Dr. John Singer, who runs the St. Agnes program, said the three surgeons are all excellent but concedes that hospitals might find it increasingly difficult to fill their positions unless steps are taken to boost enthusiasm for the specialty.
"I'm worried about general surgery as a profession," Singer said.
The specialty could receive a boost next July by a new rule, adopted by the Accreditation Council for Graduate Medical Education, that will limit residencies to 80-hour work weeks.
The rule, which is aimed at protecting patients by reducing on-the-job fatigue, applies to all specialties. But it could have its greatest impact on the grueling surgical residency, which routinely has young doctors working 100 hours a week or more.

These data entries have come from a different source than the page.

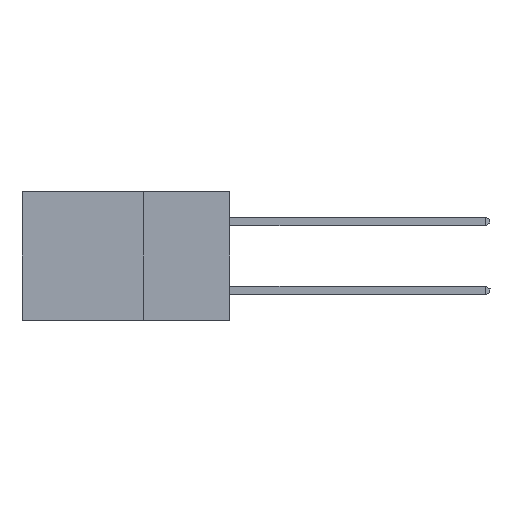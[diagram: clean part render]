
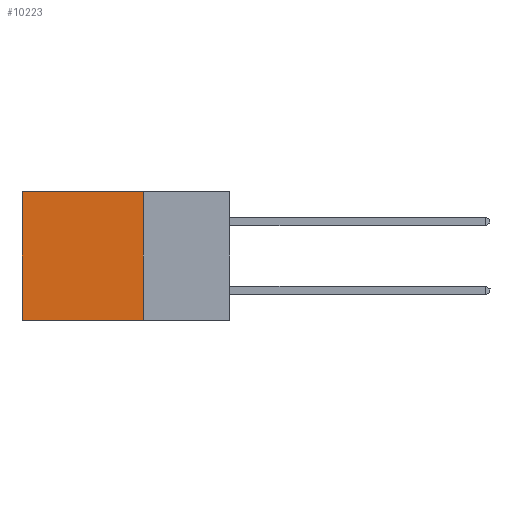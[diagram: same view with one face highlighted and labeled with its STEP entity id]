
A CAD part, left-side view. The second image highlights one B-rep face of the part: STEP entity #10223.
In plain terms, the highlighted planar face has unit normal (-1, 0, 0).
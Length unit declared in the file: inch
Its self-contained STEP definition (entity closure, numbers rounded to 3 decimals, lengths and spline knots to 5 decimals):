
#1048 = VECTOR ( 'NONE', #9858, 39.37008 ) ;
#2764 = LINE ( 'NONE', #15683, #12879 ) ;
#4917 = PLANE ( 'NONE',  #25560 ) ;
#7455 = CARTESIAN_POINT ( 'NONE',  ( 0.298, 0.6, 0. ) ) ;
#7630 = ORIENTED_EDGE ( 'NONE', *, *, #14608, .T. ) ;
#8511 = VERTEX_POINT ( 'NONE', #19888 ) ;
#9858 = DIRECTION ( 'NONE',  ( 0., 0., -1. ) ) ;
#10068 = DIRECTION ( 'NONE',  ( 0., 1., 0. ) ) ;
#10223 = ADVANCED_FACE ( 'NONE', ( #26051 ), #4917, .F. ) ;
#10544 = VERTEX_POINT ( 'NONE', #20270 ) ;
#10957 = DIRECTION ( 'NONE',  ( 0., 0., -1. ) ) ;
#11950 = DIRECTION ( 'NONE',  ( 1., 0., 0. ) ) ;
#12879 = VECTOR ( 'NONE', #10957, 39.37008 ) ;
#14433 = CARTESIAN_POINT ( 'NONE',  ( 0.298, 0.25, 0. ) ) ;
#14476 = LINE ( 'NONE', #15238, #27241 ) ;
#14608 = EDGE_CURVE ( 'NONE', #24273, #10544, #29171, .T. ) ;
#14840 = VERTEX_POINT ( 'NONE', #17143 ) ;
#15037 = ORIENTED_EDGE ( 'NONE', *, *, #19583, .F. ) ;
#15238 = CARTESIAN_POINT ( 'NONE',  ( 0.298, 0.25, -0.37 ) ) ;
#15683 = CARTESIAN_POINT ( 'NONE',  ( 0.298, 0.25, 0. ) ) ;
#15795 = EDGE_CURVE ( 'NONE', #8511, #14840, #14476, .T. ) ;
#16592 = ORIENTED_EDGE ( 'NONE', *, *, #15795, .F. ) ;
#17143 = CARTESIAN_POINT ( 'NONE',  ( 0.298, 0.6, -0.37 ) ) ;
#17214 = CARTESIAN_POINT ( 'NONE',  ( 0.298, 0.25, 0. ) ) ;
#17388 = EDGE_LOOP ( 'NONE', ( #23030, #16592, #15037, #7630 ) ) ;
#17644 = DIRECTION ( 'NONE',  ( 0., 1., 0. ) ) ;
#19583 = EDGE_CURVE ( 'NONE', #24273, #8511, #2764, .T. ) ;
#19888 = CARTESIAN_POINT ( 'NONE',  ( 0.298, 0.25, -0.37 ) ) ;
#20270 = CARTESIAN_POINT ( 'NONE',  ( 0.298, 0.6, 0. ) ) ;
#23030 = ORIENTED_EDGE ( 'NONE', *, *, #23792, .T. ) ;
#23792 = EDGE_CURVE ( 'NONE', #10544, #14840, #30334, .T. ) ;
#24273 = VERTEX_POINT ( 'NONE', #30977 ) ;
#25560 = AXIS2_PLACEMENT_3D ( 'NONE', #14433, #11950, #26285 ) ;
#26051 = FACE_OUTER_BOUND ( 'NONE', #17388, .T. ) ;
#26285 = DIRECTION ( 'NONE',  ( 0., 0., -1. ) ) ;
#27241 = VECTOR ( 'NONE', #17644, 39.37008 ) ;
#29171 = LINE ( 'NONE', #17214, #29936 ) ;
#29936 = VECTOR ( 'NONE', #10068, 39.37008 ) ;
#30334 = LINE ( 'NONE', #7455, #1048 ) ;
#30977 = CARTESIAN_POINT ( 'NONE',  ( 0.298, 0.25, 0. ) ) ;
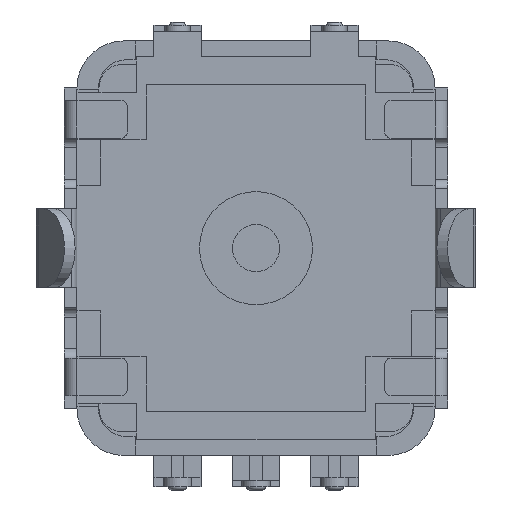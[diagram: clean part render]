
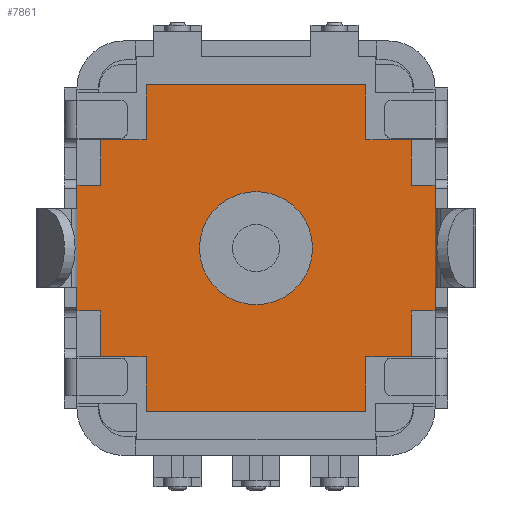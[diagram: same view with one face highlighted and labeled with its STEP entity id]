
A CAD part, front view. The second image highlights one B-rep face of the part: STEP entity #7861.
In plain terms, the highlighted planar face has unit normal (0, -1, 0).
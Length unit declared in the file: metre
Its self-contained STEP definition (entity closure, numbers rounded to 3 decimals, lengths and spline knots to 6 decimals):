
#511=LINE('',#13402,#1355);
#517=LINE('',#13415,#1361);
#524=LINE('',#13433,#1368);
#530=LINE('',#13445,#1374);
#533=LINE('',#13451,#1377);
#536=LINE('',#13457,#1380);
#539=LINE('',#13463,#1383);
#542=LINE('',#13469,#1386);
#545=LINE('',#13475,#1389);
#547=LINE('',#13479,#1391);
#566=LINE('',#13524,#1410);
#944=LINE('',#14507,#1788);
#950=LINE('',#14520,#1794);
#1068=LINE('',#14800,#1912);
#1073=LINE('',#14810,#1917);
#1076=LINE('',#14816,#1920);
#1079=LINE('',#14822,#1923);
#1082=LINE('',#14828,#1926);
#1085=LINE('',#14834,#1929);
#1088=LINE('',#14840,#1932);
#1090=LINE('',#14844,#1934);
#1130=LINE('',#14943,#1974);
#1170=LINE('',#15046,#2014);
#1171=LINE('',#15048,#2015);
#1355=VECTOR('',#10486,1.);
#1361=VECTOR('',#10496,1.);
#1368=VECTOR('',#10509,1.);
#1374=VECTOR('',#10519,1.);
#1377=VECTOR('',#10524,1.);
#1380=VECTOR('',#10529,1.);
#1383=VECTOR('',#10534,1.);
#1386=VECTOR('',#10539,1.);
#1389=VECTOR('',#10544,1.);
#1391=VECTOR('',#10548,1.);
#1410=VECTOR('',#10589,1.);
#1788=VECTOR('',#11557,1.);
#1794=VECTOR('',#11567,1.);
#1912=VECTOR('',#11821,1.);
#1917=VECTOR('',#11830,1.);
#1920=VECTOR('',#11835,1.);
#1923=VECTOR('',#11840,1.);
#1926=VECTOR('',#11845,1.);
#1929=VECTOR('',#11850,1.);
#1932=VECTOR('',#11855,1.);
#1934=VECTOR('',#11859,1.);
#1974=VECTOR('',#11951,1.);
#2014=VECTOR('',#12057,1.);
#2015=VECTOR('',#12060,1.);
#3928=ORIENTED_EDGE('',*,*,#4348,.T.);
#3929=ORIENTED_EDGE('',*,*,#4439,.T.);
#3930=ORIENTED_EDGE('',*,*,#4430,.T.);
#3931=ORIENTED_EDGE('',*,*,#4445,.T.);
#3932=ORIENTED_EDGE('',*,*,#4448,.T.);
#3933=ORIENTED_EDGE('',*,*,#4451,.T.);
#3934=ORIENTED_EDGE('',*,*,#4454,.T.);
#3935=ORIENTED_EDGE('',*,*,#4457,.T.);
#3936=ORIENTED_EDGE('',*,*,#4460,.T.);
#3937=ORIENTED_EDGE('',*,*,#4462,.T.);
#3938=ORIENTED_EDGE('',*,*,#4424,.T.);
#3939=ORIENTED_EDGE('',*,*,#4485,.T.);
#3940=ORIENTED_EDGE('',*,*,#5245,.F.);
#3941=ORIENTED_EDGE('',*,*,#5120,.T.);
#3942=ORIENTED_EDGE('',*,*,#4980,.T.);
#3943=ORIENTED_EDGE('',*,*,#5125,.T.);
#3944=ORIENTED_EDGE('',*,*,#5128,.T.);
#3945=ORIENTED_EDGE('',*,*,#5131,.T.);
#3946=ORIENTED_EDGE('',*,*,#5134,.T.);
#3947=ORIENTED_EDGE('',*,*,#5137,.T.);
#3948=ORIENTED_EDGE('',*,*,#5140,.T.);
#3949=ORIENTED_EDGE('',*,*,#5142,.T.);
#3950=ORIENTED_EDGE('',*,*,#4974,.T.);
#3951=ORIENTED_EDGE('',*,*,#5192,.T.);
#3952=ORIENTED_EDGE('',*,*,#5244,.T.);
#4348=EDGE_CURVE('',#5429,#5429,#6128,.T.);
#4424=EDGE_CURVE('',#5485,#5487,#511,.T.);
#4430=EDGE_CURVE('',#5493,#5492,#517,.T.);
#4439=EDGE_CURVE('',#5501,#5493,#524,.T.);
#4445=EDGE_CURVE('',#5492,#5504,#530,.T.);
#4448=EDGE_CURVE('',#5504,#5506,#533,.T.);
#4451=EDGE_CURVE('',#5506,#5508,#536,.T.);
#4454=EDGE_CURVE('',#5508,#5510,#539,.T.);
#4457=EDGE_CURVE('',#5510,#5512,#542,.T.);
#4460=EDGE_CURVE('',#5512,#5514,#545,.T.);
#4462=EDGE_CURVE('',#5514,#5485,#547,.T.);
#4485=EDGE_CURVE('',#5487,#5530,#566,.T.);
#4974=EDGE_CURVE('',#5838,#5840,#944,.T.);
#4980=EDGE_CURVE('',#5846,#5845,#950,.T.);
#5120=EDGE_CURVE('',#5940,#5846,#1068,.T.);
#5125=EDGE_CURVE('',#5845,#5942,#1073,.T.);
#5128=EDGE_CURVE('',#5942,#5944,#1076,.T.);
#5131=EDGE_CURVE('',#5944,#5946,#1079,.T.);
#5134=EDGE_CURVE('',#5946,#5948,#1082,.T.);
#5137=EDGE_CURVE('',#5948,#5950,#1085,.T.);
#5140=EDGE_CURVE('',#5950,#5952,#1088,.T.);
#5142=EDGE_CURVE('',#5952,#5838,#1090,.T.);
#5192=EDGE_CURVE('',#5840,#5986,#1130,.T.);
#5244=EDGE_CURVE('',#5986,#5501,#1170,.T.);
#5245=EDGE_CURVE('',#5940,#5530,#1171,.T.);
#5429=VERTEX_POINT('',#13245);
#5485=VERTEX_POINT('',#13397);
#5487=VERTEX_POINT('',#13401);
#5492=VERTEX_POINT('',#13414);
#5493=VERTEX_POINT('',#13416);
#5501=VERTEX_POINT('',#13434);
#5504=VERTEX_POINT('',#13444);
#5506=VERTEX_POINT('',#13450);
#5508=VERTEX_POINT('',#13456);
#5510=VERTEX_POINT('',#13462);
#5512=VERTEX_POINT('',#13468);
#5514=VERTEX_POINT('',#13474);
#5530=VERTEX_POINT('',#13523);
#5838=VERTEX_POINT('',#14502);
#5840=VERTEX_POINT('',#14506);
#5845=VERTEX_POINT('',#14519);
#5846=VERTEX_POINT('',#14521);
#5940=VERTEX_POINT('',#14801);
#5942=VERTEX_POINT('',#14809);
#5944=VERTEX_POINT('',#14815);
#5946=VERTEX_POINT('',#14821);
#5948=VERTEX_POINT('',#14827);
#5950=VERTEX_POINT('',#14833);
#5952=VERTEX_POINT('',#14839);
#5986=VERTEX_POINT('',#14942);
#6128=CIRCLE('',#9654,0.0018);
#6704=EDGE_LOOP('',(#3928));
#6705=EDGE_LOOP('',(#3929,#3930,#3931,#3932,#3933,#3934,#3935,#3936,#3937,
#3938,#3939,#3940,#3941,#3942,#3943,#3944,#3945,#3946,#3947,#3948,#3949,
#3950,#3951,#3952));
#7153=FACE_BOUND('',#6704,.T.);
#7154=FACE_BOUND('',#6705,.T.);
#7470=PLANE('',#10142);
#7861=ADVANCED_FACE('',(#7153,#7154),#7470,.T.);
#9654=AXIS2_PLACEMENT_3D('',#13244,#10355,#10356);
#10142=AXIS2_PLACEMENT_3D('',#15047,#12058,#12059);
#10355=DIRECTION('',(0.,1.,0.));
#10356=DIRECTION('',(-1.,0.,0.));
#10486=DIRECTION('',(-1.,0.,0.));
#10496=DIRECTION('',(-1.,0.,0.));
#10509=DIRECTION('',(0.,0.,1.));
#10519=DIRECTION('',(0.,0.,1.));
#10524=DIRECTION('',(-1.,0.,0.));
#10529=DIRECTION('',(0.,0.,1.));
#10534=DIRECTION('',(-1.,0.,0.));
#10539=DIRECTION('',(0.,0.,-1.));
#10544=DIRECTION('',(-1.,0.,0.));
#10548=DIRECTION('',(0.,0.,-1.));
#10589=DIRECTION('',(0.,0.,-1.));
#11557=DIRECTION('',(1.,0.,0.));
#11567=DIRECTION('',(1.,0.,0.));
#11821=DIRECTION('',(0.,0.,-1.));
#11830=DIRECTION('',(0.,0.,-1.));
#11835=DIRECTION('',(1.,0.,0.));
#11840=DIRECTION('',(0.,0.,-1.));
#11845=DIRECTION('',(1.,0.,0.));
#11850=DIRECTION('',(0.,0.,1.));
#11855=DIRECTION('',(1.,0.,0.));
#11859=DIRECTION('',(0.,0.,1.));
#11951=DIRECTION('',(0.,0.,1.));
#12057=DIRECTION('',(0.,0.,1.));
#12058=DIRECTION('',(0.,-1.,0.));
#12059=DIRECTION('',(-1.,0.,0.));
#12060=DIRECTION('',(0.,0.,1.));
#13244=CARTESIAN_POINT('',(0.,-0.0051,0.));
#13245=CARTESIAN_POINT('',(-0.0018,-0.0051,0.));
#13397=CARTESIAN_POINT('',(-0.00495,-0.0051,0.002));
#13401=CARTESIAN_POINT('',(-0.0057,-0.0051,0.002));
#13402=CARTESIAN_POINT('',(0.,-0.0051,0.002));
#13414=CARTESIAN_POINT('',(0.00495,-0.0051,0.002));
#13415=CARTESIAN_POINT('',(0.,-0.0051,0.002));
#13416=CARTESIAN_POINT('',(0.0057,-0.0051,0.002));
#13433=CARTESIAN_POINT('',(0.0057,-0.0051,0.));
#13434=CARTESIAN_POINT('',(0.0057,-0.0051,0.00125));
#13444=CARTESIAN_POINT('',(0.00495,-0.0051,0.00345));
#13445=CARTESIAN_POINT('',(0.00495,-0.0051,0.));
#13450=CARTESIAN_POINT('',(0.0035,-0.0051,0.00345));
#13451=CARTESIAN_POINT('',(0.,-0.0051,0.00345));
#13456=CARTESIAN_POINT('',(0.0035,-0.0051,0.0052));
#13457=CARTESIAN_POINT('',(0.0035,-0.0051,0.));
#13462=CARTESIAN_POINT('',(-0.0035,-0.0051,0.0052));
#13463=CARTESIAN_POINT('',(0.0035,-0.0051,0.0052));
#13468=CARTESIAN_POINT('',(-0.0035,-0.0051,0.00345));
#13469=CARTESIAN_POINT('',(-0.0035,-0.0051,0.));
#13474=CARTESIAN_POINT('',(-0.00495,-0.0051,0.00345));
#13475=CARTESIAN_POINT('',(0.,-0.0051,0.00345));
#13479=CARTESIAN_POINT('',(-0.00495,-0.0051,0.));
#13523=CARTESIAN_POINT('',(-0.0057,-0.0051,0.00125));
#13524=CARTESIAN_POINT('',(-0.0057,-0.0051,0.));
#14502=CARTESIAN_POINT('',(0.00495,-0.0051,-0.002));
#14506=CARTESIAN_POINT('',(0.0057,-0.0051,-0.002));
#14507=CARTESIAN_POINT('',(0.,-0.0051,-0.002));
#14519=CARTESIAN_POINT('',(-0.00495,-0.0051,-0.002));
#14520=CARTESIAN_POINT('',(0.,-0.0051,-0.002));
#14521=CARTESIAN_POINT('',(-0.0057,-0.0051,-0.002));
#14800=CARTESIAN_POINT('',(-0.0057,-0.0051,0.));
#14801=CARTESIAN_POINT('',(-0.0057,-0.0051,-0.00125));
#14809=CARTESIAN_POINT('',(-0.00495,-0.0051,-0.00345));
#14810=CARTESIAN_POINT('',(-0.00495,-0.0051,-0.002));
#14815=CARTESIAN_POINT('',(-0.0035,-0.0051,-0.00345));
#14816=CARTESIAN_POINT('',(0.,-0.0051,-0.00345));
#14821=CARTESIAN_POINT('',(-0.0035,-0.0051,-0.0052));
#14822=CARTESIAN_POINT('',(-0.0035,-0.0051,-0.00345));
#14827=CARTESIAN_POINT('',(0.0035,-0.0051,-0.0052));
#14828=CARTESIAN_POINT('',(-0.0035,-0.0051,-0.0052));
#14833=CARTESIAN_POINT('',(0.0035,-0.0051,-0.00345));
#14834=CARTESIAN_POINT('',(0.0035,-0.0051,-0.0052));
#14839=CARTESIAN_POINT('',(0.00495,-0.0051,-0.00345));
#14840=CARTESIAN_POINT('',(0.,-0.0051,-0.00345));
#14844=CARTESIAN_POINT('',(0.00495,-0.0051,-0.00345));
#14942=CARTESIAN_POINT('',(0.0057,-0.0051,-0.00125));
#14943=CARTESIAN_POINT('',(0.0057,-0.0051,0.));
#15046=CARTESIAN_POINT('',(0.0057,-0.0051,0.));
#15047=CARTESIAN_POINT('',(0.,-0.0051,0.));
#15048=CARTESIAN_POINT('',(-0.0057,-0.0051,0.));

Dr. Keith Lillemoe, who runs Hopkins' general surgery residency, said many program directors are talking about shaving a year off the training regimen to make it more palatable. Once in practice, he added, surgeons in group practice spell one another by taking their colleagues' phone calls and pages.
"But the truth is, it's 5:30 and I've just walked back to my desk," Lillemoe said one evening. "I've got a slip telling me a patient in the intensive care unit has g.i. [gastrointestinal] bleeding and they want me to see him."
One morning in a Bayview operating room, intern Jason Williams and 20-year veteran John Harmon stood with their backs arched over a middle-aged man undergoing a hernia repair. Their gloved hands converged in a flurry of cutting, clamping and suturing.
As operations go, this one was routine. Still, Williams said he took satisfaction from the fact that he has helped to end the hernia patient's pain.
"When you find something that you like to do, and you can actually go and do it, it's a great experience," he said. "You're taking an active role in making somebody better. It's part of a dream."